Recently, Assistant Professor Bin Ye from the School of Environmental Science and Engineering at Southern University of Science and Technology (SUSTech) published his latest research in the well-known journal Environmental Impact Assessment Review (EIA), entitled “Design and Pricing of an Option Product for China’s Green Electricity-Carbon Medium and Long-Term Markets.” This study proposes the design and pricing scheme of a green electricity–carbon option product tailored to China’s actual conditions, providing significant support for the coordinated development of China’s carbon and electricity markets.
EIA is a top-tier journal ranked in both JCR and the Chinese Academy of Sciences Q1 category, with a 2023 impact factor of 9.8, making it one of the leading journals in the field of social sciences.

At present, China’s electricity market and carbon trading market operate independently, overseen by different administrative authorities and supported by different trading platforms. This separation results in a lack of overall coordination and effective synergy in top-level market design. The overlapping responsibilities of different departments lead to issues such as duplicated market functions, underutilized roles, and high management costs. While the two markets are managed independently, they are inherently connected: power generation enterprises act as common participants in both, linked indirectly through electricity–carbon price transmission mechanisms. With the establishment of a unified national market and the growing demand for low-carbon development among enterprises, the interconnection between these markets will only become stronger. In the future, leveraging green electricity trading to further integrate the electricity and carbon markets, and to establish a unified market development mechanism, will be essential for optimizing resource allocation and achieving coordinated energy and climate governance in China.
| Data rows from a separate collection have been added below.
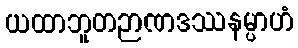
ယထာဘူတဉာဏဒဿနမ္ပာဟံ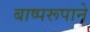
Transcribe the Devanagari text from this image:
बाष्परूपाने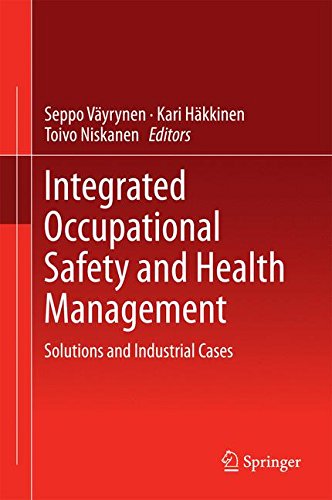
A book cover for Integrated Occupational Safety and Health Management: Solutions and Industrial Cases; Business & Money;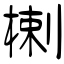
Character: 楋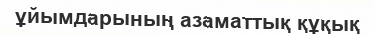
ұйымдарының азаматтық құқық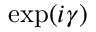
\exp ( i \gamma )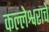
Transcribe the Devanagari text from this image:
कल्लेश्वराचे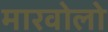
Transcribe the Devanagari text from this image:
मारवोलो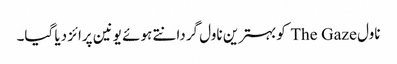
ناول The Gaze کوبہترین ناول گردانتے ہوئے یونین پرائز دیا گیا۔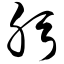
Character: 肟

To promote the coordinated development of the green electricity and carbon markets, in January 2022, the National Development and Reform Commission and six other ministries jointly issued the Implementation Plan for Promoting Green Consumption. This plan emphasized the need to “strengthen the linkage with the carbon emission trading scheme and explore the feasibility of deducting relevant green electricity carbon emissions in carbon accounting.” This demonstrates that, under the dual drivers of policy and market mechanisms, the linkage between the two markets will be further strengthened, helping to avoid the double payment of environmental costs by electricity enterprises. However, significant challenges remain. First, the current green electricity pricing mechanism only reflects the energy value of electricity but does not capture its environmental premium. Second, the price of green electricity is highly volatile, exposing investors to excessive risks. Although the two markets operate independently, their emission reduction goals remain aligned.
To clarify the relationship between green electricity and carbon allowances, and to achieve deep coordination between the two markets, it is necessary to build a trading system centered on electricity transactions. Such a system would allow electricity prices to reflect both supply–demand dynamics and carbon reduction costs, forming a pricing system that integrates electricity and carbon prices. This paper first draws on financial derivatives commonly used in carbon markets, designing a customized option product for China’s medium and long-term green electricity–carbon market, with the weighted spot price of Green Electricity (GE) and carbon allowances as the underlying asset. Then, the paper applies an improved Black-Scholes-Merton real option pricing model to evaluate the product. Finally, numerical case studies analyze the effects of six key factors on the option premium and identify the reasonable range for green electricity–carbon market coordination ratios.
The study finds that developing appropriate financial derivatives and trading mechanisms can enhance synergy between the green electricity and carbon markets. By designing green electricity–carbon products under the principle of “green electricity price as the main factor, carbon allowance price as the supplementary factor,” the environmental value of green electricity can be effectively reflected, thereby improving its competitiveness and investment attractiveness. Among the factors affecting option premiums, the strike price has the greatest influence: the higher the strike price, the lower the option premium. Notably, when the strike price approaches the spot price, the premium can differ by a factor of three. In contrast, the risk-free interest rate has a relatively minor impact. The study further identifies that when the ratio of green electricity price to carbon allowance price falls within 1:0.1 to 1:0.5, the coordination effect of the carbon market is reasonable, option price volatility is low, and market coordination risks are reduced.
This research demonstrates the environmental value of green electricity in the carbon market in the form of emission reduction costs. It helps stimulate investor interest in green electricity, promotes the development of the green power industry, and offers a solution for transitioning from relatively independent electricity and carbon markets to coordinated and unified market design. It provides theoretical and technical support for the construction and operation of China’s national electricity–carbon market, decision-making guidance for grid companies and power generation enterprises participating in electricity–carbon trading, and valuable reference for building and advancing China’s unified national market.
Assistant Professor Bin Ye from the School of Environmental Science and Engineering at SUSTech is the first and corresponding author of this paper, with SUSTech as the sole corresponding institution. Co-authors include Hongjiang Pu (Research Assistant in Ye’s group), Associate Professor Yazhi Song (Jiangsu Normal University), and Associate Professor Jingjing Jiang (Harbin Institute of Technology, Shenzhen). This work was supported by the National Natural Science Foundation of China (projects 72173058 and 72394391, hosted and participated by Bin Ye), as well as financial support from State Grid Hubei Electric Power Co., Ltd.